For non-parameterized meshes, we perform a shape embedding process to convert meshes into learnable objects, by considering the coordinates of the mesh vertices as continuous fields. The left column of Figure ⁠6⁠ depicts the continuous field of the $x$ -component of the coordinates, showing vertical iso-values. We then apply a deterministic morphing process to transform input meshes into a common shape, such as the unit disk shown in Figure ⁠6⁠. Each sample is converted into a mesh of the unit disk, modifying the coordinate fields according to the input mesh shapes. We then select a common mesh of the unit disk and project the coordinate fields from each morphed mesh onto this common mesh using finite element interpolation. This process results in all coordinate fields being represented on the same mesh, allowing us to use classical dimensionality reduction techniques, like principal component analysis (PCA), to generate low-dimensional vectors for the meshes. If scalar inputs are part of the learning problem, these are appended at the end of these vectors.

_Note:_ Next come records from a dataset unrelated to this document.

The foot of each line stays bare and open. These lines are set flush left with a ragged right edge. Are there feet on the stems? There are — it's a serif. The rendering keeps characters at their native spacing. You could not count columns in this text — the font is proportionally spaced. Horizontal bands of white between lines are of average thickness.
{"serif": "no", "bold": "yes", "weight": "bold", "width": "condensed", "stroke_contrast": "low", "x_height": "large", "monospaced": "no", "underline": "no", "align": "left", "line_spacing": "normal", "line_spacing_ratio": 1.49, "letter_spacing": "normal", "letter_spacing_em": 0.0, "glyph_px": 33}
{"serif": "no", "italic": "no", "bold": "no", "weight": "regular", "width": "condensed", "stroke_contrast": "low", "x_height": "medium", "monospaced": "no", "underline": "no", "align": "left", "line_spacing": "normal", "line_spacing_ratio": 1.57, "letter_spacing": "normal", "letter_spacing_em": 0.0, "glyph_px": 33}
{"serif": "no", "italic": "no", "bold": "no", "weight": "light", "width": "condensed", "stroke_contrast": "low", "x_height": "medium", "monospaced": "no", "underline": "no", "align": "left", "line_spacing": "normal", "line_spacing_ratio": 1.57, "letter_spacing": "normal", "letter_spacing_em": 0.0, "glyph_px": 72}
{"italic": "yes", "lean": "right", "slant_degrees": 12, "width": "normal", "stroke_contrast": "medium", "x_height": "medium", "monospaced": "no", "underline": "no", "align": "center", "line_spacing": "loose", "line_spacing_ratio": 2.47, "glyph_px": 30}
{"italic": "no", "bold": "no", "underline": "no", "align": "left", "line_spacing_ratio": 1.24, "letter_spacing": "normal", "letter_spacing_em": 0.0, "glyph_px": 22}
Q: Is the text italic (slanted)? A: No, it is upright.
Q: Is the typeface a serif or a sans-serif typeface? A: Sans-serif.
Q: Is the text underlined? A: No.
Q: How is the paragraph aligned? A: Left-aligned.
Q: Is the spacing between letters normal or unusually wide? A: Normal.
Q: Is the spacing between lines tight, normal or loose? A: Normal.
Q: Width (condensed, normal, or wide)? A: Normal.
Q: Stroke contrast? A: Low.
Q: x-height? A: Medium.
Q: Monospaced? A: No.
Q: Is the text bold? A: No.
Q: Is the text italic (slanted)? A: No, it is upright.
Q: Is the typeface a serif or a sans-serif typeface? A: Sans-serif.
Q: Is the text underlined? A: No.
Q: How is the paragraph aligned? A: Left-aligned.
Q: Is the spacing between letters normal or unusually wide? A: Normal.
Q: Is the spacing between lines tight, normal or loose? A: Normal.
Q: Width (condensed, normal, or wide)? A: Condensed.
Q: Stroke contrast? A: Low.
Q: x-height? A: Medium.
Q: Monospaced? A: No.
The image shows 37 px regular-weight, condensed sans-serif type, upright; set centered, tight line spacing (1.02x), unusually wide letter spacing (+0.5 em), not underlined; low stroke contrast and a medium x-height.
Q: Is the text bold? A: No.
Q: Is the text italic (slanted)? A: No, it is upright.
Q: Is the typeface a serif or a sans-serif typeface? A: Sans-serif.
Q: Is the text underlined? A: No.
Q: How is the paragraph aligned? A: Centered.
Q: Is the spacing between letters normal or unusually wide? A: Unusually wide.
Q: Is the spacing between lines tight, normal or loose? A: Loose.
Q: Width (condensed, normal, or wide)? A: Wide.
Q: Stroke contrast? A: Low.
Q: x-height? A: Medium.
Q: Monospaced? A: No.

Similarly, a field embedding process is needed to convert variable-sized output fields into learnable objects. We apply the same transformations used for coordinate fields: morphing onto a common shape, finite interpolation onto a common mesh, and PCA compression. This process results in low-dimensional vectors representing our output fields of interest.

These deterministic pre-treatments effectively reduce the physics learning problem to a low-dimensional input/output tabular regression problem. The morphing and related steps act as the dimensionality reduction phase, which, while possibly highly non-linear, simplifies the machine learning task by converting large, variable-dimensional objects into smaller manageable ones. The deterministic nature of these pre-treatments is essential, as it simplifies the machine learning stage and avoids the complexity of dealing with large and variable-dimensional data directly.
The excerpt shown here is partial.